What made the second industrial revolution such a boon to employment was the introduction of vast new industries. These included automobiles, aircraft, electric machinery, telephones and household appliances. Citing the historian David L. Lewis, Frey notes that by 1986, the auto-industrial complex, which consists of manufacturing, services and construction, employed one out of six Americans. Many of the workers or the children of the workers who were replaced by machinery on the farm or in crafts went to work in these industries.
Now compare the third industrial revolution, which has also produced vast new industries in software, entertainment, robotics, biochemistry, personal computing and telecommunications. Some or most of these new industries are not as labor-intensive as the industries of the second industrial revolution. But there is an added factor: in the United States, many of these industries do much of their manufacturing overseas or south of the Border. MIT economist Daron Acemoglu has said,
Many of the important products that we have created over the last several decades, over the last two decades in particular, have not added much to the bottom line employment figure. Think of Apple’s iPods and iPads and iPhones; they are amazing innovations and consumers have absolutely rewarded the company by purchasing billions of them … So, there we have an intersection of new technologies that have a very heavy design component and the division of labor can be very finely broken down, and the labor-intensive parts of those products can be manufactured abroad. So, there is a sort of a parallel process to automation that’s increasing efficiency but it’s not really adding to the bottom line employment figure.
There is an additional factor that the Manhattan Institute’s Oren Cass cites in his analysis of the effect of automation on job growth. From 1947 to 1972, as the second industrial revolution was reaching its climax, manufacturing productivity grew 3.4 percent a year and output grew 4.2 percent a year. Yet from 2000 to 2018, productivity grew 3.1 percent a year—most likely as a result of automation—but output only rose 1.3 percent a year. In this case, the real villain in job loss was not automation, but the lag in manufacturing output. If output had grown as it had in the past, there would not have been the same overall loss in jobs due to automation.
So you have automation as a secondary factor in job loss due to the lack of a corresponding increase in output. The lack of domestic output was partly due to manufacturers shifting their jobs out of the country—in North Carolina, for instance, which Trump won, its furniture industry shifted to Mexico—and to ruinous competition from subsidized industries in Asia that knocked out American firms. In one highly-quoted study, economists David Autor, David Dorn and Gordon Hanson blamed competition from Chinese exports for the loss of up to 2.4 million jobs from 1999 to 2011. The same authors, along with Kaveh Majlesi, also argued that import competition contributed to political polarization and fueled the rise of Trump. Again, it wasn’t just automation that led to the loss of jobs and the rise of right-wing populism.

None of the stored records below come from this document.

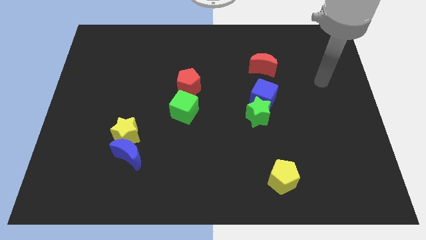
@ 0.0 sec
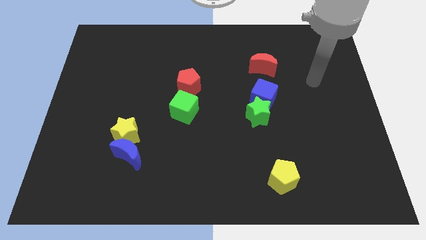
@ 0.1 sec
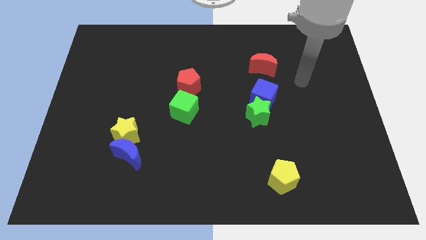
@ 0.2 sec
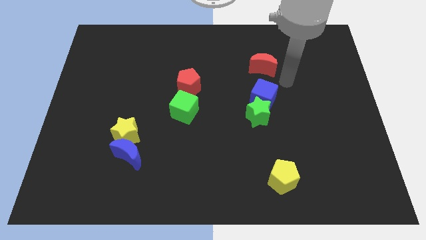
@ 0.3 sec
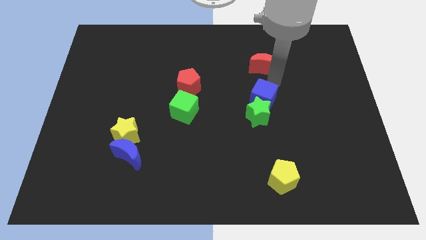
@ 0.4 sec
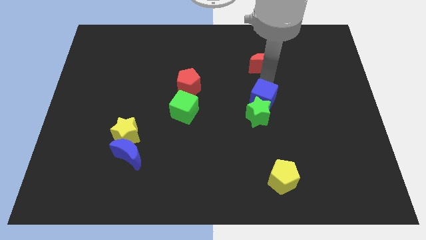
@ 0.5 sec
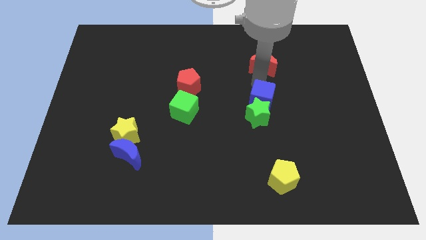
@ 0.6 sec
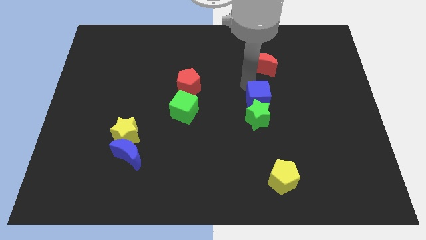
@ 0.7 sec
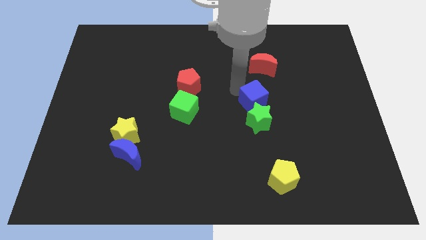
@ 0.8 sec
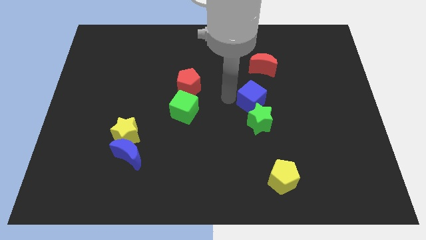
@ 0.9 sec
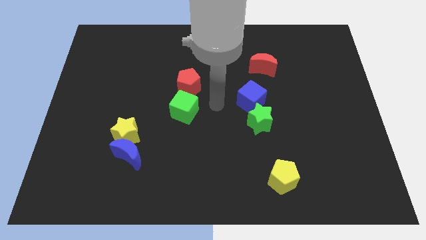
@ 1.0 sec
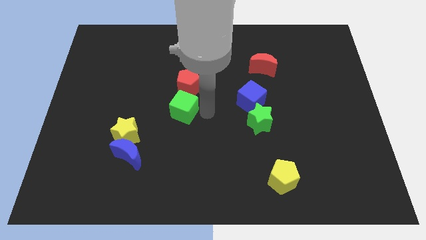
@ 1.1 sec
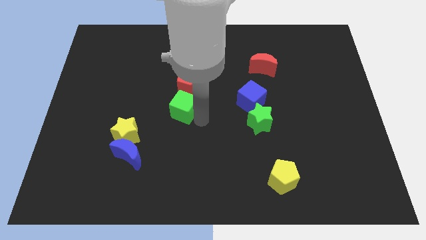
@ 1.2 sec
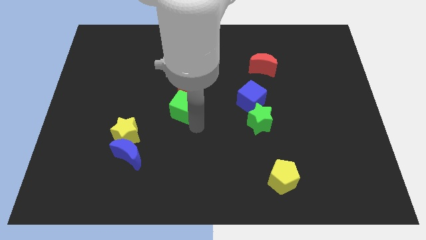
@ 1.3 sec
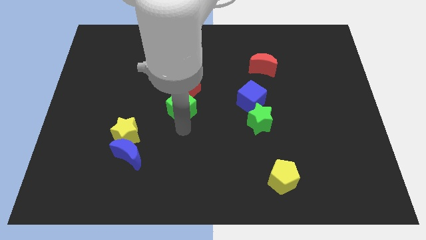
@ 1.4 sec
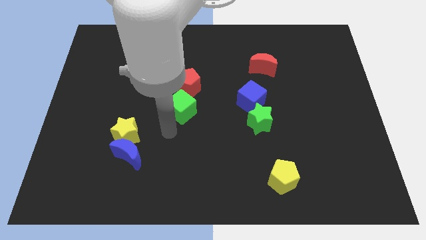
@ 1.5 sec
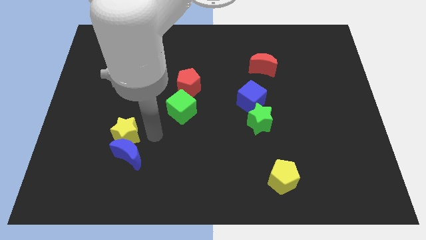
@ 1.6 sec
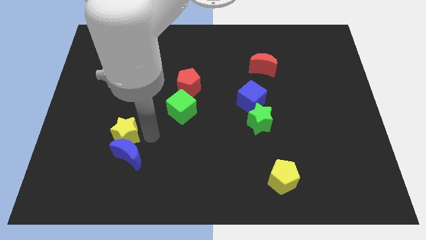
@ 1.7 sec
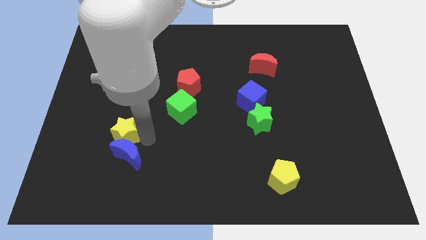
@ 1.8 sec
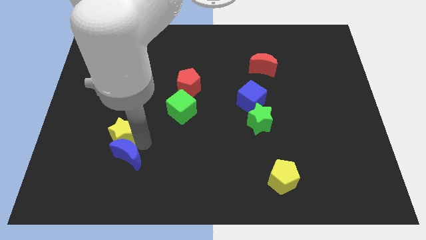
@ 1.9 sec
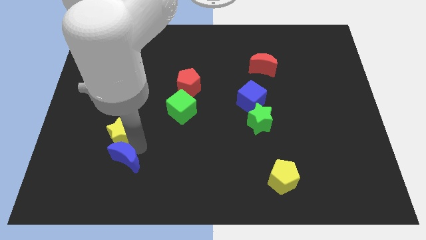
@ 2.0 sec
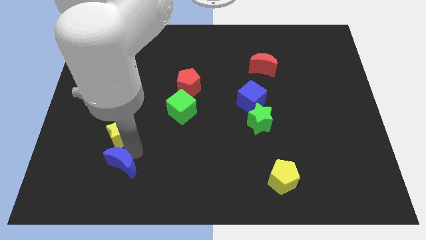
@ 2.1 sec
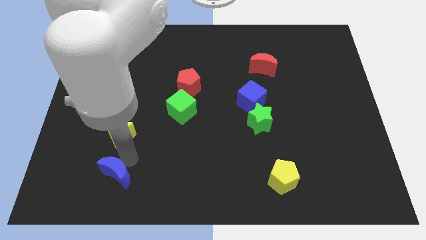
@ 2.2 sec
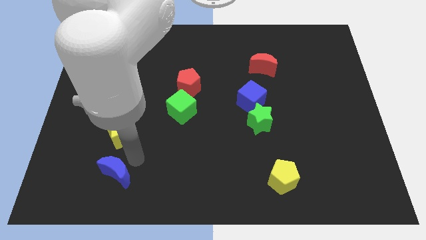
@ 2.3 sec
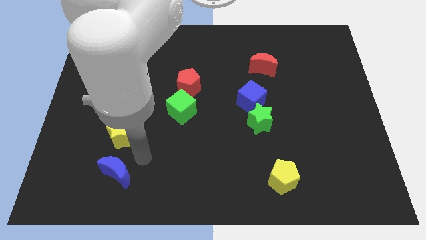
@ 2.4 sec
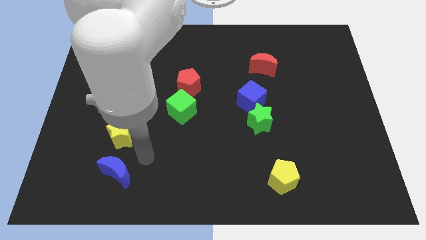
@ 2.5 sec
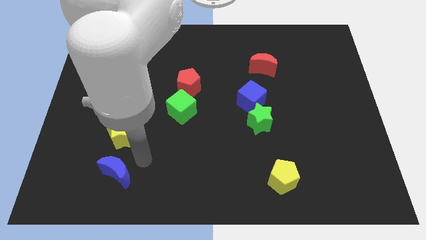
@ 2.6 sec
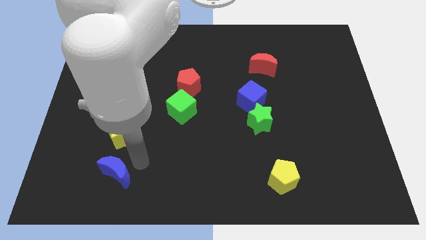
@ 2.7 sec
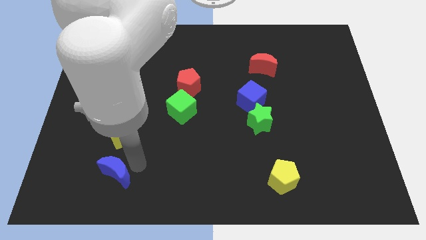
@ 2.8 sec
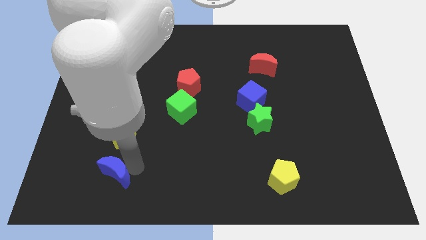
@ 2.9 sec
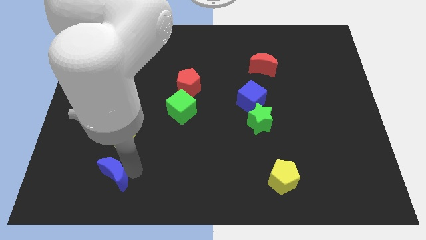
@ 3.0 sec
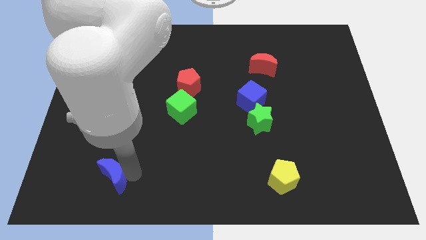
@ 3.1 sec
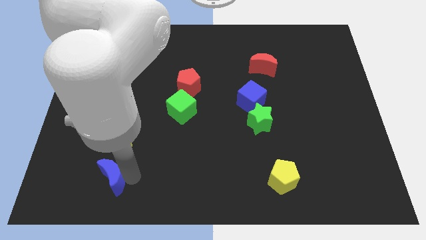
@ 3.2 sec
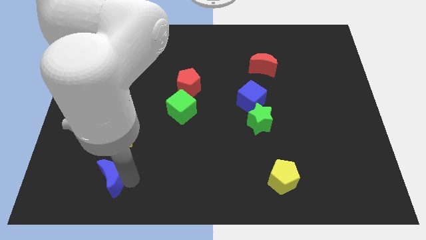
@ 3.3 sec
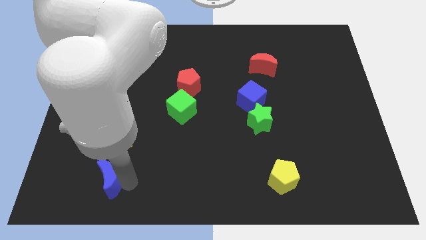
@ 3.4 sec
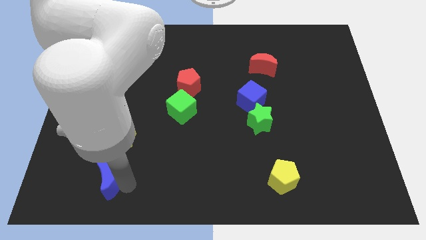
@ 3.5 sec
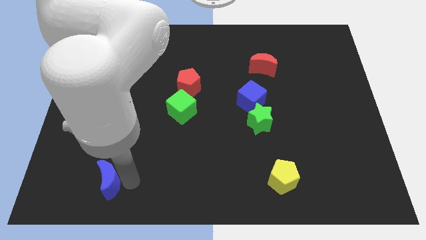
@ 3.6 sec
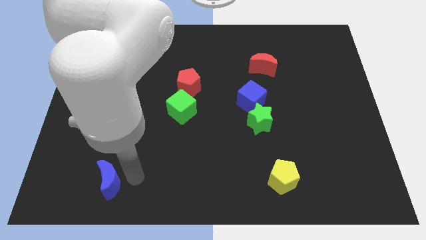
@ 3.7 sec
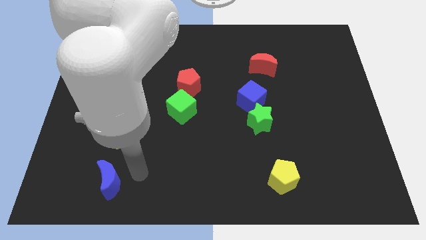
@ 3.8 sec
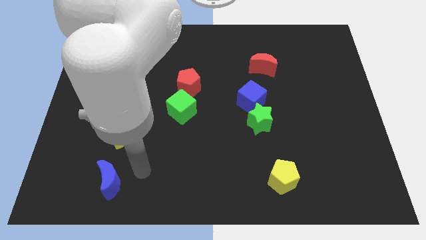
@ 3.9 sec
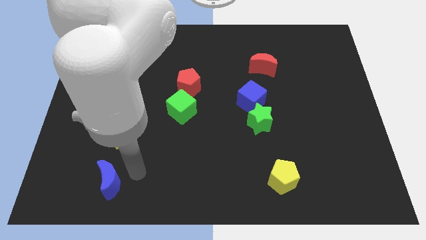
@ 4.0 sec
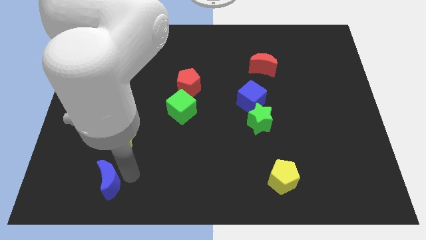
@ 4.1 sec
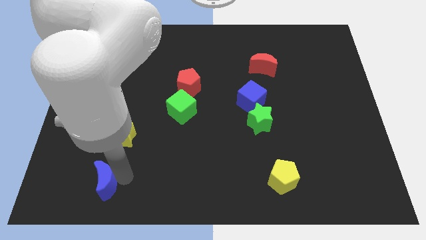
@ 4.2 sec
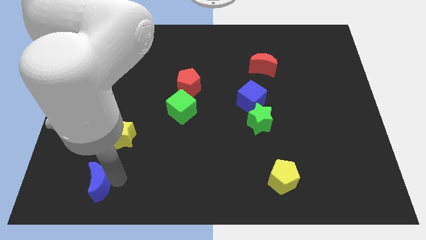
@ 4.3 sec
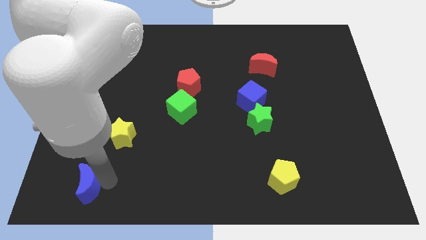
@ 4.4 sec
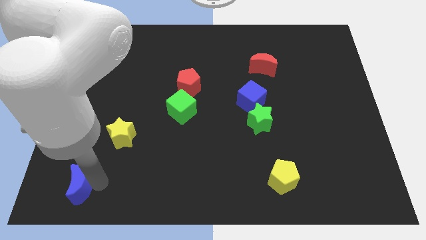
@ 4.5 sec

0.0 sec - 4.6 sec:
move the blue moon to the lower left corner

My second concern with Frey’s analysis has to do with the relationship technology has to wages and rising inequality. Frey attributes rising wages and greater equality during the second revolution primarily to wages keeping in line with rising productivity and skill levels. Child labor was replaced by more skilled adults. But I would add several factors which become relevant in judging why wages haven’t kept pace with productivity during the third revolution.
During the second revolution, there was a favorable relationship between supply and demand created by the restrictions on immigration introduced in 1920 and 1924 legislation. The rise of the labor movement in the 1930s, which was particularly strong in the new industries and which, by the 1950s, accounted for a third of the non-farm labor force, buoyed wages; and during the two world wars, American administrations took measures, including progressive taxation, that increased economic equality. (In the 1920s, by contrast, when wartime taxes were repealed and regressive changes introduced, and when a corporate offensive demolished labor unions, economic inequality rose.)
If you now look at the third industrial revolution, it becomes clear that there were other factors besides automation that have contributed to growing inequality and wage stagnation. Wage stagnation has coincided with the decline of labor unions, particularly in the private sector. This decline was not directly the result of automation, but of an employer offensive aided initially by the Reagan administration. Many plants moved south or out of the country in order to avoid unionization. Corporations used strong-arm tactics, some of which were illegal—for instance, firing organizers—to block organizing drives. When unionized labor no longer makes up a significant share in an industry’s employment, unionized firms no longer set the standard for wages—they have to adjust to their competition. By the 1990s, that had become the case in many key industries.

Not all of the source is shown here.